# English gent unleashes monster belly onto the interwebz...



## swike77 (Oct 21, 2008)

Hello Everyone.

Shyness prohibits me from showing my face at this stage, but it's nice to find a place where big guys are accepted and admired.

xxx


----------



## kinkykitten (Oct 22, 2008)

Welcome!

You look lovely! Nice body :happy:

I'm a fellow English bred girl :] Nice to see more of my kind lol


----------



## swike77 (Oct 22, 2008)

kinkykitten said:


> Welcome!
> 
> You look lovely! Nice body :happy:
> 
> I'm a fellow English bred girl :] Nice to see more of my kind lol



Thank you, you're just about the first woman to ever say that to me with any sincerity.

Being a big guy, and with amount of abuse I get thrown at me sometimes, there's that in-built cynicism that makes me think that if anyone is kind enough to pay me a compliment, then they are either crazy or just being kind.

It's hard not to self-loathe sometimes when the wolrd is screaming at you to be something else, so thanks - you just made my day.


----------



## kinkykitten (Oct 22, 2008)

swike77 said:


> Thank you, you're just about the first woman to ever say that to me with any sincerity.
> 
> Being a big guy, and with amount of abuse I get thrown at me sometimes, there's that in-built cynicism that makes me think that if anyone is kind enough to pay me a compliment, then they are either crazy or just being kind.
> 
> It's hard not to self-loathe sometimes when the wolrd is screaming at you to be something else, so thanks - you just made my day.



 You are so welcome! I can understand that... people are so shallow and conforming sometimes, but you should feel as gorgeous as you look ! Everybody is in their own way

But yeah I mean it  Take care!


----------



## HDANGEL15 (Oct 22, 2008)

kinkykitten said:


> You are so welcome! I can understand that... but you should feel gorgeous! Everybody is in their own way I think
> 
> But yeah I mean it  Take care!


*
what she said.....:eat2:*


----------



## BLUEeyedBanshee (Oct 22, 2008)

Welcome swike! I'm sure you'll see many of us around here appreciate well rounded men.  Great picture!


----------



## pinkylou (Oct 22, 2008)

You look a fine figure of a man, I'll look forward to the face pic when you're ready


----------



## swike77 (Oct 22, 2008)

pinkylou said:


> You look a fine figure of a man, I'll look forward to the face pic when you're ready



Ooo that's so scary but I guess I can sort of oblige you.

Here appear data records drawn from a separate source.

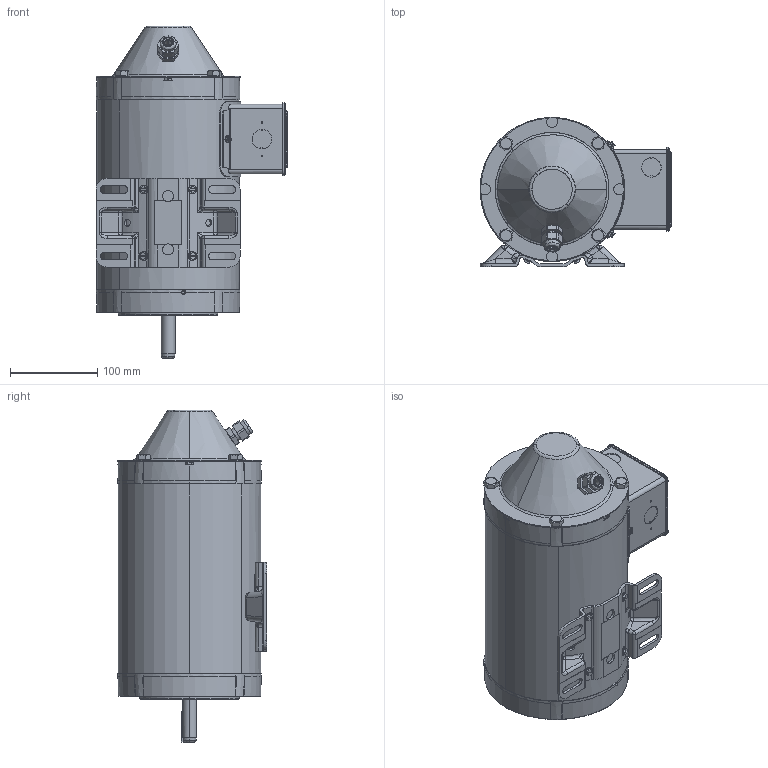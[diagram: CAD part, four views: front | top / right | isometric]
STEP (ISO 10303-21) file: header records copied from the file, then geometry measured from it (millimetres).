
FILE_DESCRIPTION (( 'STEP AP214' ), '1' );
FILE_NAME ('107388-856_Rev00 r1.STEP', '2022-01-26T13:49:57', ( '' ), ( '' ), 'SwSTEP 2.0', 'SolidWorks 2017', '' );
FILE_SCHEMA (( 'AUTOMOTIVE_DESIGN' ));
Length unit declared in the file: inch
Products named in the file (1): 107388-856_Rev00 r1
Bounding box: 219.9 x 170.76 x 380.3 mm (x, y, z)
Volume: 841237.6 mm3; surface area: 642582.3 mm2
Topology: 40 solids, 40 shells, 3558 faces, 9227 edges, 5805 vertices
Faces by surface type: plane 1326, cylinder 828, bspline 786, cone 618
Entity records: 144033 total; most frequent: CARTESIAN_POINT 62512, ORIENTED_EDGE 18374, DIRECTION 15114, EDGE_CURVE 9187, AXIS2_PLACEMENT_3D 5867, VERTEX_POINT 5805, EDGE_LOOP 3830, FACE_OUTER_BOUND 3558

I'm the one on the right BTW lol.

And...








Finally, (god, this is nerve wrecking)


----------



## swike77 (Oct 23, 2008)

Wow, the above took a whole day to get posted! I don't like this pre-mod much


----------



## daddyoh70 (Oct 23, 2008)

swike77 said:


> Wow, the above took a whole day to get posted! I don't like this pre-mod much



Welcome swike, ride it out, it's worth the wait.


----------



## cute_obese_girl (Oct 23, 2008)

Handsome and with a great belly too *swoon*


----------



## swike77 (Oct 23, 2008)

daddyoh70 said:


> Welcome swike, ride it out, it's worth the wait.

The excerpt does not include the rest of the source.